TASK REQUIREMENTS
Which lines below contain "rect"? Copy every one of them.

(Stored items from a collection)
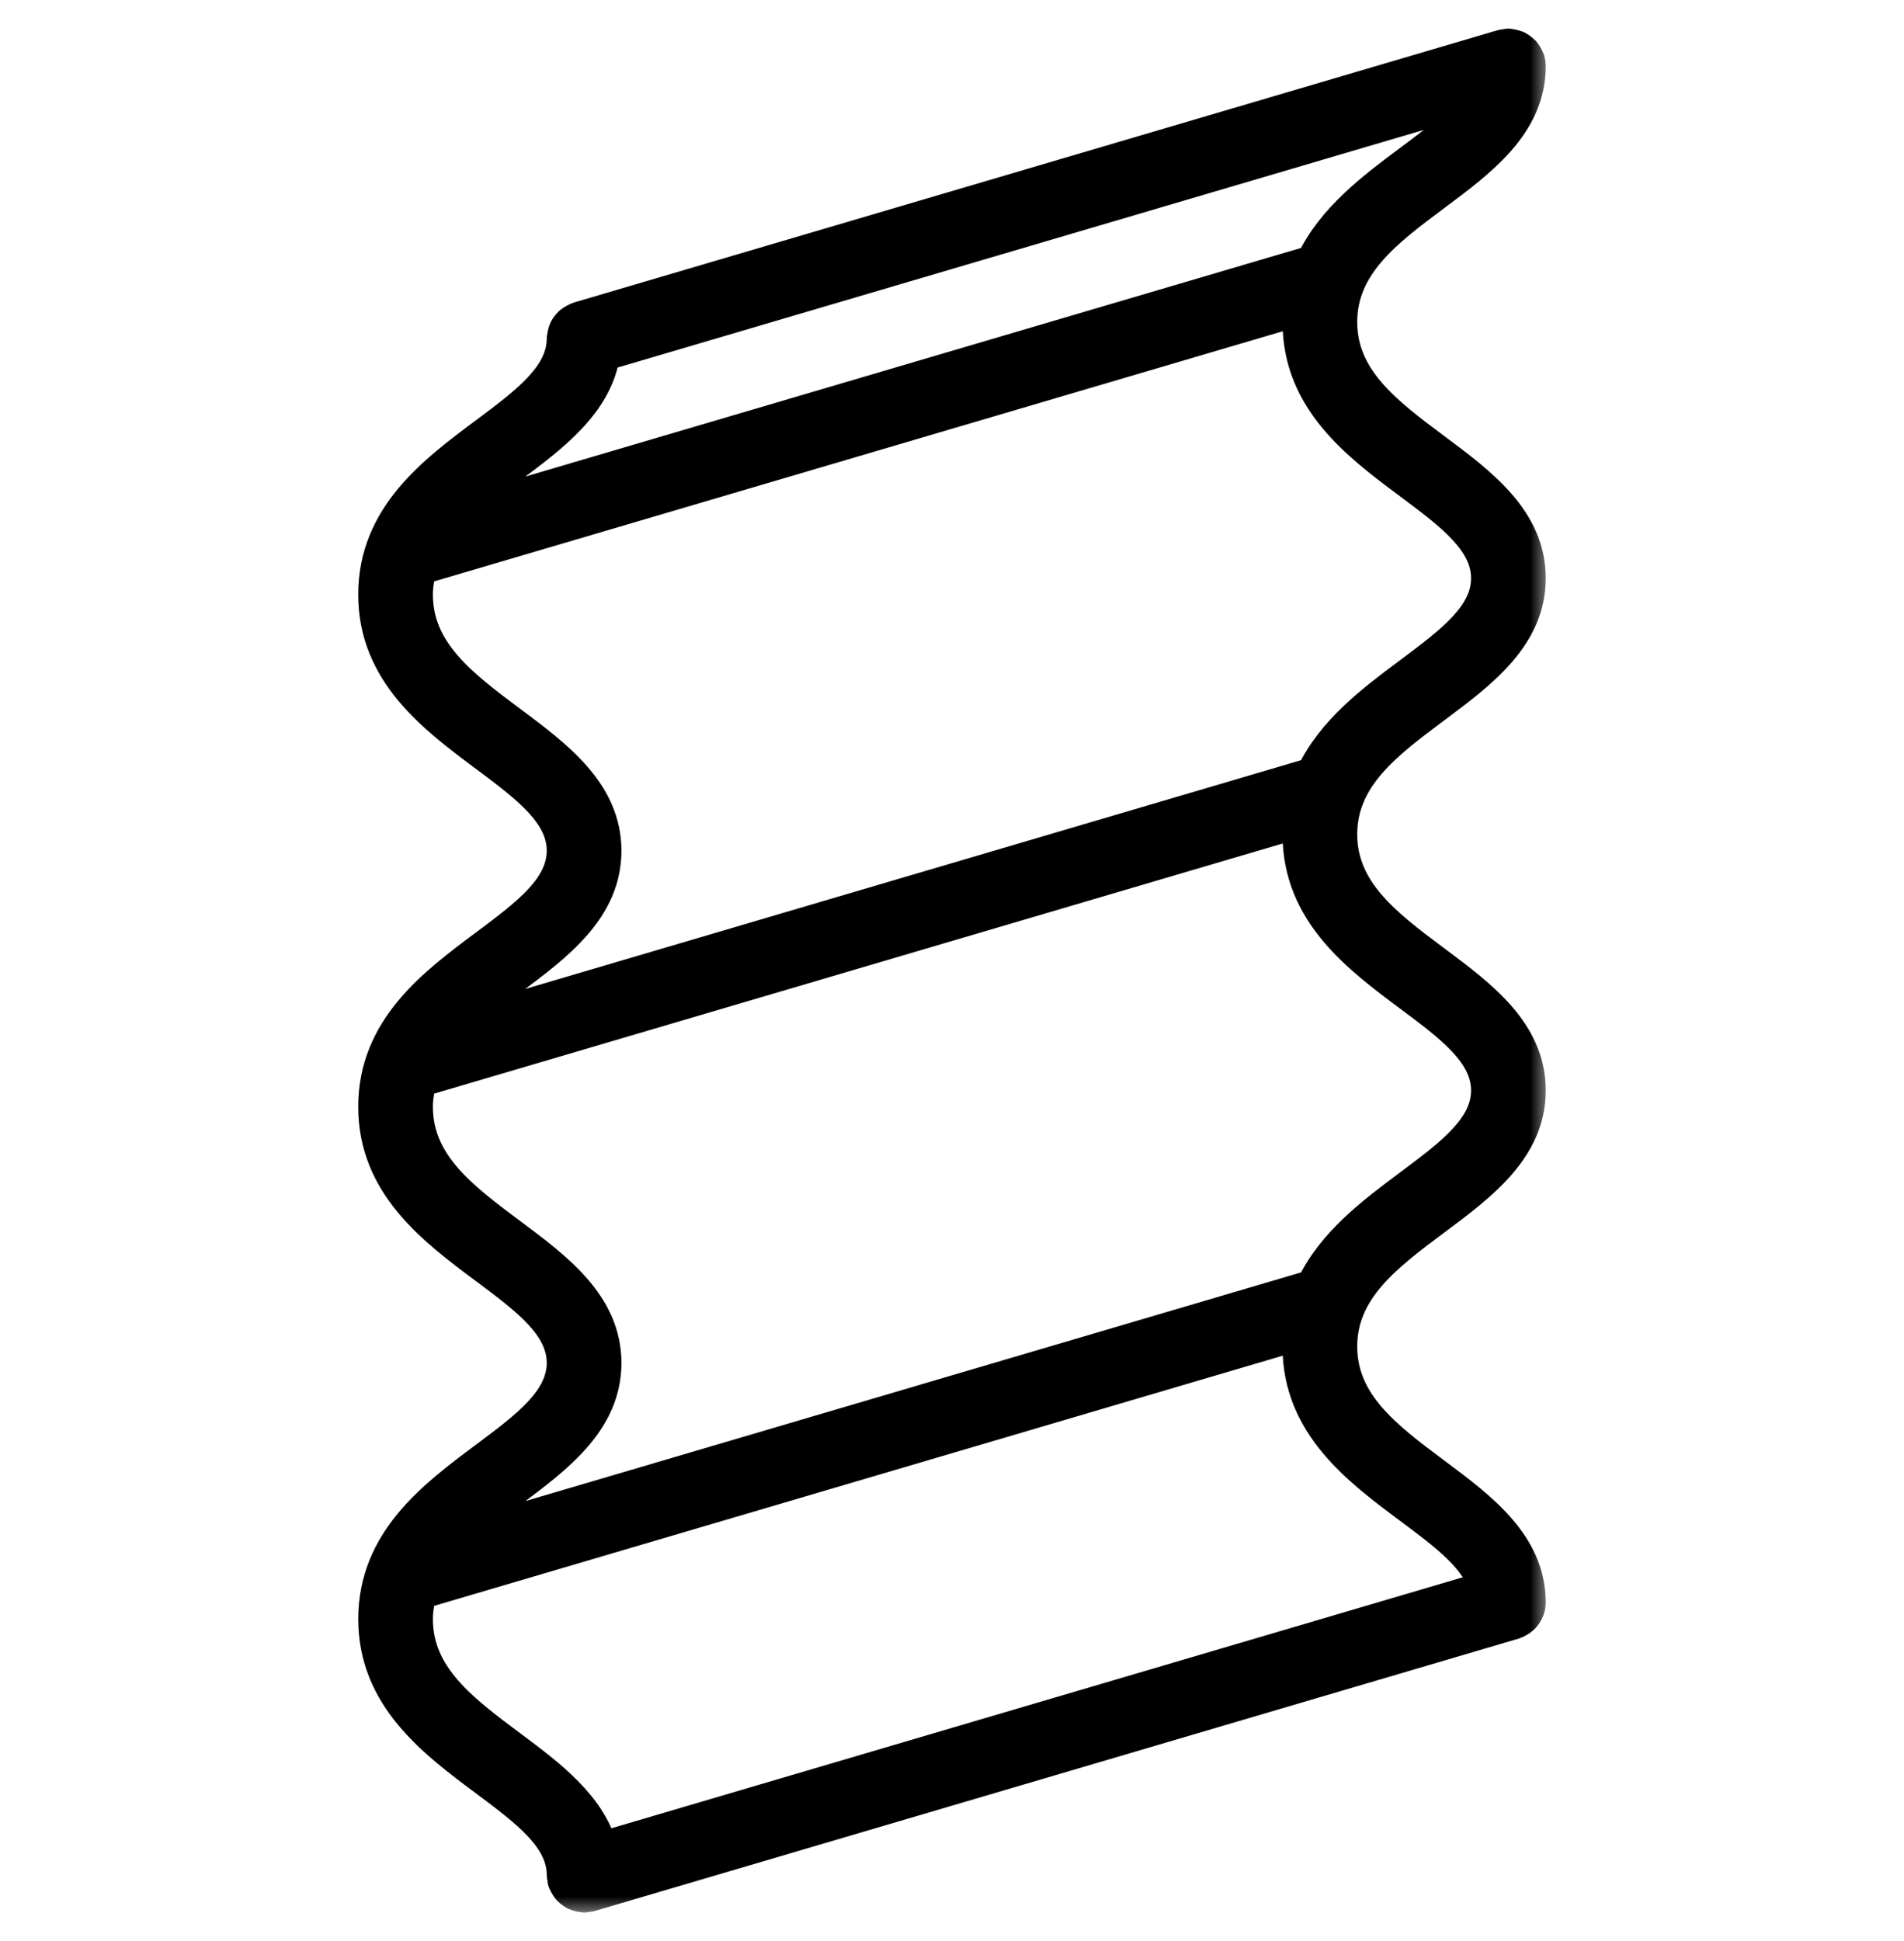 <svg width="52" height="53" viewBox="0 0 52 53" fill="none" xmlns="http://www.w3.org/2000/svg">
<g id="Panel" clip-path="url(#clip0_247_1764)">
<g id="Vector">
<mask id="path-1-outside-1_247_1764" maskUnits="userSpaceOnUse" x="9.283" y="0.281" width="33" height="52" fill="black">
<rect fill="white" x="9.283" y="0.281" width="33" height="52"/>
<path d="M15.952 51.721C15.942 51.721 15.934 51.716 15.923 51.715C15.887 51.713 15.853 51.704 15.819 51.694C15.788 51.685 15.757 51.679 15.728 51.665C15.698 51.651 15.674 51.63 15.648 51.611C15.62 51.59 15.594 51.572 15.571 51.547C15.55 51.524 15.536 51.497 15.519 51.47C15.499 51.439 15.481 51.409 15.468 51.373C15.465 51.364 15.457 51.358 15.454 51.347C15.447 51.323 15.452 51.299 15.448 51.275C15.444 51.249 15.433 51.227 15.433 51.2C15.433 50.159 14.441 49.419 13.293 48.563C11.883 47.511 10.284 46.319 10.284 44.208C10.284 42.096 11.882 40.904 13.293 39.851C14.441 38.995 15.432 38.255 15.432 37.214L15.432 37.214C15.432 36.172 14.441 35.432 13.293 34.577C11.882 33.525 10.283 32.332 10.283 30.221C10.283 28.109 11.882 26.917 13.293 25.865C14.441 25.009 15.432 24.269 15.432 23.228C15.432 22.186 14.441 21.447 13.293 20.59C11.882 19.538 10.283 18.346 10.283 16.235C10.283 14.123 11.882 12.931 13.293 11.879C14.441 11.023 15.432 10.283 15.432 9.242C15.432 9.231 15.438 9.223 15.438 9.213C15.44 9.176 15.45 9.141 15.46 9.105C15.468 9.075 15.474 9.045 15.488 9.018C15.502 8.987 15.524 8.961 15.544 8.934C15.564 8.908 15.582 8.881 15.606 8.86C15.629 8.838 15.657 8.824 15.685 8.807C15.716 8.787 15.745 8.769 15.78 8.756C15.79 8.753 15.796 8.745 15.806 8.743L41.049 1.303C41.072 1.296 41.094 1.301 41.117 1.297C41.144 1.293 41.168 1.281 41.196 1.281C41.207 1.281 41.216 1.287 41.227 1.288C41.261 1.29 41.293 1.299 41.326 1.308C41.359 1.317 41.392 1.323 41.422 1.338C41.451 1.352 41.473 1.371 41.498 1.39C41.527 1.411 41.555 1.431 41.58 1.457C41.599 1.479 41.613 1.505 41.63 1.531C41.649 1.563 41.668 1.594 41.682 1.63C41.685 1.639 41.692 1.646 41.695 1.655C41.709 1.703 41.716 1.752 41.716 1.8C41.716 1.8 41.716 1.801 41.716 1.802L41.716 1.802C41.716 3.365 40.415 4.335 39.158 5.272C37.825 6.266 36.567 7.204 36.567 8.794C36.567 10.384 37.826 11.322 39.158 12.316C40.416 13.254 41.716 14.224 41.716 15.787C41.716 17.35 40.416 18.32 39.158 19.259C37.826 20.252 36.567 21.191 36.567 22.781C36.567 24.371 37.826 25.309 39.158 26.303C40.416 27.241 41.716 28.21 41.716 29.774L41.716 29.774C41.716 31.337 40.416 32.307 39.158 33.245C37.826 34.239 36.567 35.178 36.567 36.767C36.567 38.357 37.826 39.295 39.158 40.289C40.416 41.227 41.716 42.197 41.716 43.761L41.716 43.761C41.716 43.826 41.702 43.887 41.679 43.946C41.672 43.965 41.661 43.981 41.651 43.999C41.632 44.036 41.61 44.071 41.582 44.102C41.567 44.118 41.551 44.133 41.535 44.148C41.505 44.175 41.471 44.197 41.435 44.215C41.415 44.226 41.396 44.237 41.374 44.245C41.363 44.249 41.355 44.256 41.343 44.26L16.099 51.7C16.075 51.707 16.051 51.703 16.026 51.707C16.001 51.711 15.979 51.721 15.953 51.721L15.952 51.721ZM38.536 4.44C39.389 3.804 40.154 3.232 40.492 2.553L16.439 9.641C16.24 10.975 15.061 11.859 13.914 12.713C13.283 13.185 12.672 13.645 12.2 14.167L35.883 7.188C36.432 6.013 37.53 5.19 38.536 4.44L38.536 4.44ZM38.536 18.427C39.684 17.57 40.676 16.831 40.676 15.789C40.676 14.748 39.684 14.008 38.536 13.152C37.125 12.1 35.527 10.908 35.527 8.796C35.527 8.65 35.536 8.508 35.551 8.371L11.441 15.476C11.372 15.715 11.323 15.963 11.323 16.237C11.323 17.826 12.582 18.765 13.914 19.759C15.171 20.697 16.472 21.667 16.472 23.23C16.472 24.793 15.172 25.763 13.914 26.701C13.281 27.173 12.67 27.634 12.198 28.157L35.883 21.175C36.432 20 37.53 19.177 38.536 18.427L38.536 18.427ZM38.536 32.413C39.684 31.557 40.676 30.817 40.676 29.776L40.676 29.776C40.676 28.734 39.684 27.994 38.536 27.139C37.125 26.087 35.527 24.894 35.527 22.783C35.527 22.637 35.536 22.495 35.551 22.357L11.44 29.463C11.372 29.701 11.323 29.95 11.323 30.223C11.323 31.813 12.582 32.751 13.914 33.745C15.171 34.683 16.472 35.653 16.472 37.216L16.472 37.216C16.472 38.779 15.172 39.749 13.915 40.687C13.283 41.158 12.672 41.619 12.2 42.141L35.883 35.161C36.433 33.986 37.531 33.163 38.536 32.413L38.536 32.413ZM38.535 41.125C37.125 40.073 35.526 38.88 35.526 36.769C35.526 36.623 35.536 36.481 35.551 36.343L11.441 43.449C11.372 43.687 11.323 43.937 11.323 44.21C11.323 45.8 12.582 46.737 13.914 47.731C14.981 48.527 16.076 49.348 16.384 50.534L40.632 43.388C40.427 42.535 39.542 41.875 38.535 41.124L38.535 41.125Z"/>
</mask>
<path d="M15.952 51.721C15.942 51.721 15.934 51.716 15.923 51.715C15.887 51.713 15.853 51.704 15.819 51.694C15.788 51.685 15.757 51.679 15.728 51.665C15.698 51.651 15.674 51.63 15.648 51.611C15.62 51.59 15.594 51.572 15.571 51.547C15.55 51.524 15.536 51.497 15.519 51.47C15.499 51.439 15.481 51.409 15.468 51.373C15.465 51.364 15.457 51.358 15.454 51.347C15.447 51.323 15.452 51.299 15.448 51.275C15.444 51.249 15.433 51.227 15.433 51.2C15.433 50.159 14.441 49.419 13.293 48.563C11.883 47.511 10.284 46.319 10.284 44.208C10.284 42.096 11.882 40.904 13.293 39.851C14.441 38.995 15.432 38.255 15.432 37.214L15.432 37.214C15.432 36.172 14.441 35.432 13.293 34.577C11.882 33.525 10.283 32.332 10.283 30.221C10.283 28.109 11.882 26.917 13.293 25.865C14.441 25.009 15.432 24.269 15.432 23.228C15.432 22.186 14.441 21.447 13.293 20.59C11.882 19.538 10.283 18.346 10.283 16.235C10.283 14.123 11.882 12.931 13.293 11.879C14.441 11.023 15.432 10.283 15.432 9.242C15.432 9.231 15.438 9.223 15.438 9.213C15.44 9.176 15.45 9.141 15.46 9.105C15.468 9.075 15.474 9.045 15.488 9.018C15.502 8.987 15.524 8.961 15.544 8.934C15.564 8.908 15.582 8.881 15.606 8.86C15.629 8.838 15.657 8.824 15.685 8.807C15.716 8.787 15.745 8.769 15.78 8.756C15.79 8.753 15.796 8.745 15.806 8.743L41.049 1.303C41.072 1.296 41.094 1.301 41.117 1.297C41.144 1.293 41.168 1.281 41.196 1.281C41.207 1.281 41.216 1.287 41.227 1.288C41.261 1.29 41.293 1.299 41.326 1.308C41.359 1.317 41.392 1.323 41.422 1.338C41.451 1.352 41.473 1.371 41.498 1.39C41.527 1.411 41.555 1.431 41.58 1.457C41.599 1.479 41.613 1.505 41.63 1.531C41.649 1.563 41.668 1.594 41.682 1.63C41.685 1.639 41.692 1.646 41.695 1.655C41.709 1.703 41.716 1.752 41.716 1.8C41.716 1.8 41.716 1.801 41.716 1.802L41.716 1.802C41.716 3.365 40.415 4.335 39.158 5.272C37.825 6.266 36.567 7.204 36.567 8.794C36.567 10.384 37.826 11.322 39.158 12.316C40.416 13.254 41.716 14.224 41.716 15.787C41.716 17.35 40.416 18.32 39.158 19.259C37.826 20.252 36.567 21.191 36.567 22.781C36.567 24.371 37.826 25.309 39.158 26.303C40.416 27.241 41.716 28.21 41.716 29.774L41.716 29.774C41.716 31.337 40.416 32.307 39.158 33.245C37.826 34.239 36.567 35.178 36.567 36.767C36.567 38.357 37.826 39.295 39.158 40.289C40.416 41.227 41.716 42.197 41.716 43.761L41.716 43.761C41.716 43.826 41.702 43.887 41.679 43.946C41.672 43.965 41.661 43.981 41.651 43.999C41.632 44.036 41.61 44.071 41.582 44.102C41.567 44.118 41.551 44.133 41.535 44.148C41.505 44.175 41.471 44.197 41.435 44.215C41.415 44.226 41.396 44.237 41.374 44.245C41.363 44.249 41.355 44.256 41.343 44.26L16.099 51.7C16.075 51.707 16.051 51.703 16.026 51.707C16.001 51.711 15.979 51.721 15.953 51.721L15.952 51.721ZM38.536 4.44C39.389 3.804 40.154 3.232 40.492 2.553L16.439 9.641C16.24 10.975 15.061 11.859 13.914 12.713C13.283 13.185 12.672 13.645 12.2 14.167L35.883 7.188C36.432 6.013 37.53 5.19 38.536 4.44L38.536 4.44ZM38.536 18.427C39.684 17.57 40.676 16.831 40.676 15.789C40.676 14.748 39.684 14.008 38.536 13.152C37.125 12.1 35.527 10.908 35.527 8.796C35.527 8.65 35.536 8.508 35.551 8.371L11.441 15.476C11.372 15.715 11.323 15.963 11.323 16.237C11.323 17.826 12.582 18.765 13.914 19.759C15.171 20.697 16.472 21.667 16.472 23.23C16.472 24.793 15.172 25.763 13.914 26.701C13.281 27.173 12.67 27.634 12.198 28.157L35.883 21.175C36.432 20 37.53 19.177 38.536 18.427L38.536 18.427ZM38.536 32.413C39.684 31.557 40.676 30.817 40.676 29.776L40.676 29.776C40.676 28.734 39.684 27.994 38.536 27.139C37.125 26.087 35.527 24.894 35.527 22.783C35.527 22.637 35.536 22.495 35.551 22.357L11.44 29.463C11.372 29.701 11.323 29.95 11.323 30.223C11.323 31.813 12.582 32.751 13.914 33.745C15.171 34.683 16.472 35.653 16.472 37.216L16.472 37.216C16.472 38.779 15.172 39.749 13.915 40.687C13.283 41.158 12.672 41.619 12.2 42.141L35.883 35.161C36.433 33.986 37.531 33.163 38.536 32.413L38.536 32.413ZM38.535 41.125C37.125 40.073 35.526 38.88 35.526 36.769C35.526 36.623 35.536 36.481 35.551 36.343L11.441 43.449C11.372 43.687 11.323 43.937 11.323 44.21C11.323 45.8 12.582 46.737 13.914 47.731C14.981 48.527 16.076 49.348 16.384 50.534L40.632 43.388C40.427 42.535 39.542 41.875 38.535 41.124L38.535 41.125Z" fill="black"/>
<path d="M15.952 51.721C15.942 51.721 15.934 51.716 15.923 51.715C15.887 51.713 15.853 51.704 15.819 51.694C15.788 51.685 15.757 51.679 15.728 51.665C15.698 51.651 15.674 51.63 15.648 51.611C15.62 51.59 15.594 51.572 15.571 51.547C15.55 51.524 15.536 51.497 15.519 51.47C15.499 51.439 15.481 51.409 15.468 51.373C15.465 51.364 15.457 51.358 15.454 51.347C15.447 51.323 15.452 51.299 15.448 51.275C15.444 51.249 15.433 51.227 15.433 51.2C15.433 50.159 14.441 49.419 13.293 48.563C11.883 47.511 10.284 46.319 10.284 44.208C10.284 42.096 11.882 40.904 13.293 39.851C14.441 38.995 15.432 38.255 15.432 37.214L15.432 37.214C15.432 36.172 14.441 35.432 13.293 34.577C11.882 33.525 10.283 32.332 10.283 30.221C10.283 28.109 11.882 26.917 13.293 25.865C14.441 25.009 15.432 24.269 15.432 23.228C15.432 22.186 14.441 21.447 13.293 20.59C11.882 19.538 10.283 18.346 10.283 16.235C10.283 14.123 11.882 12.931 13.293 11.879C14.441 11.023 15.432 10.283 15.432 9.242C15.432 9.231 15.438 9.223 15.438 9.213C15.44 9.176 15.45 9.141 15.46 9.105C15.468 9.075 15.474 9.045 15.488 9.018C15.502 8.987 15.524 8.961 15.544 8.934C15.564 8.908 15.582 8.881 15.606 8.86C15.629 8.838 15.657 8.824 15.685 8.807C15.716 8.787 15.745 8.769 15.78 8.756C15.79 8.753 15.796 8.745 15.806 8.743L41.049 1.303C41.072 1.296 41.094 1.301 41.117 1.297C41.144 1.293 41.168 1.281 41.196 1.281C41.207 1.281 41.216 1.287 41.227 1.288C41.261 1.29 41.293 1.299 41.326 1.308C41.359 1.317 41.392 1.323 41.422 1.338C41.451 1.352 41.473 1.371 41.498 1.39C41.527 1.411 41.555 1.431 41.58 1.457C41.599 1.479 41.613 1.505 41.63 1.531C41.649 1.563 41.668 1.594 41.682 1.63C41.685 1.639 41.692 1.646 41.695 1.655C41.709 1.703 41.716 1.752 41.716 1.8C41.716 1.8 41.716 1.801 41.716 1.802L41.716 1.802C41.716 3.365 40.415 4.335 39.158 5.272C37.825 6.266 36.567 7.204 36.567 8.794C36.567 10.384 37.826 11.322 39.158 12.316C40.416 13.254 41.716 14.224 41.716 15.787C41.716 17.35 40.416 18.32 39.158 19.259C37.826 20.252 36.567 21.191 36.567 22.781C36.567 24.371 37.826 25.309 39.158 26.303C40.416 27.241 41.716 28.21 41.716 29.774L41.716 29.774C41.716 31.337 40.416 32.307 39.158 33.245C37.826 34.239 36.567 35.178 36.567 36.767C36.567 38.357 37.826 39.295 39.158 40.289C40.416 41.227 41.716 42.197 41.716 43.761L41.716 43.761C41.716 43.826 41.702 43.887 41.679 43.946C41.672 43.965 41.661 43.981 41.651 43.999C41.632 44.036 41.61 44.071 41.582 44.102C41.567 44.118 41.551 44.133 41.535 44.148C41.505 44.175 41.471 44.197 41.435 44.215C41.415 44.226 41.396 44.237 41.374 44.245C41.363 44.249 41.355 44.256 41.343 44.26L16.099 51.7C16.075 51.707 16.051 51.703 16.026 51.707C16.001 51.711 15.979 51.721 15.953 51.721L15.952 51.721ZM38.536 4.44C39.389 3.804 40.154 3.232 40.492 2.553L16.439 9.641C16.24 10.975 15.061 11.859 13.914 12.713C13.283 13.185 12.672 13.645 12.2 14.167L35.883 7.188C36.432 6.013 37.53 5.19 38.536 4.44L38.536 4.44ZM38.536 18.427C39.684 17.57 40.676 16.831 40.676 15.789C40.676 14.748 39.684 14.008 38.536 13.152C37.125 12.1 35.527 10.908 35.527 8.796C35.527 8.65 35.536 8.508 35.551 8.371L11.441 15.476C11.372 15.715 11.323 15.963 11.323 16.237C11.323 17.826 12.582 18.765 13.914 19.759C15.171 20.697 16.472 21.667 16.472 23.23C16.472 24.793 15.172 25.763 13.914 26.701C13.281 27.173 12.67 27.634 12.198 28.157L35.883 21.175C36.432 20 37.53 19.177 38.536 18.427L38.536 18.427ZM38.536 32.413C39.684 31.557 40.676 30.817 40.676 29.776L40.676 29.776C40.676 28.734 39.684 27.994 38.536 27.139C37.125 26.087 35.527 24.894 35.527 22.783C35.527 22.637 35.536 22.495 35.551 22.357L11.44 29.463C11.372 29.701 11.323 29.95 11.323 30.223C11.323 31.813 12.582 32.751 13.914 33.745C15.171 34.683 16.472 35.653 16.472 37.216L16.472 37.216C16.472 38.779 15.172 39.749 13.915 40.687C13.283 41.158 12.672 41.619 12.2 42.141L35.883 35.161C36.433 33.986 37.531 33.163 38.536 32.413L38.536 32.413ZM38.535 41.125C37.125 40.073 35.526 38.88 35.526 36.769C35.526 36.623 35.536 36.481 35.551 36.343L11.441 43.449C11.372 43.687 11.323 43.937 11.323 44.21C11.323 45.8 12.582 46.737 13.914 47.731C14.981 48.527 16.076 49.348 16.384 50.534L40.632 43.388C40.427 42.535 39.542 41.875 38.535 41.124L38.535 41.125Z" stroke="black" mask="url(#path-1-outside-1_247_1764)"/>
</g>
</g>
<defs>
<clipPath id="clip0_247_1764">
<rect width="52" height="52" fill="white" transform="matrix(4.37114e-08 1 1 -4.37114e-08 0 0.5)"/>
</clipPath>
</defs>
</svg>

WRITTEN REPLY
<rect fill="white" x="9.283" y="0.281" width="33" height="52"/>
<rect width="52" height="52" fill="white" transform="matrix(4.37114e-08 1 1 -4.37114e-08 0 0.5)"/>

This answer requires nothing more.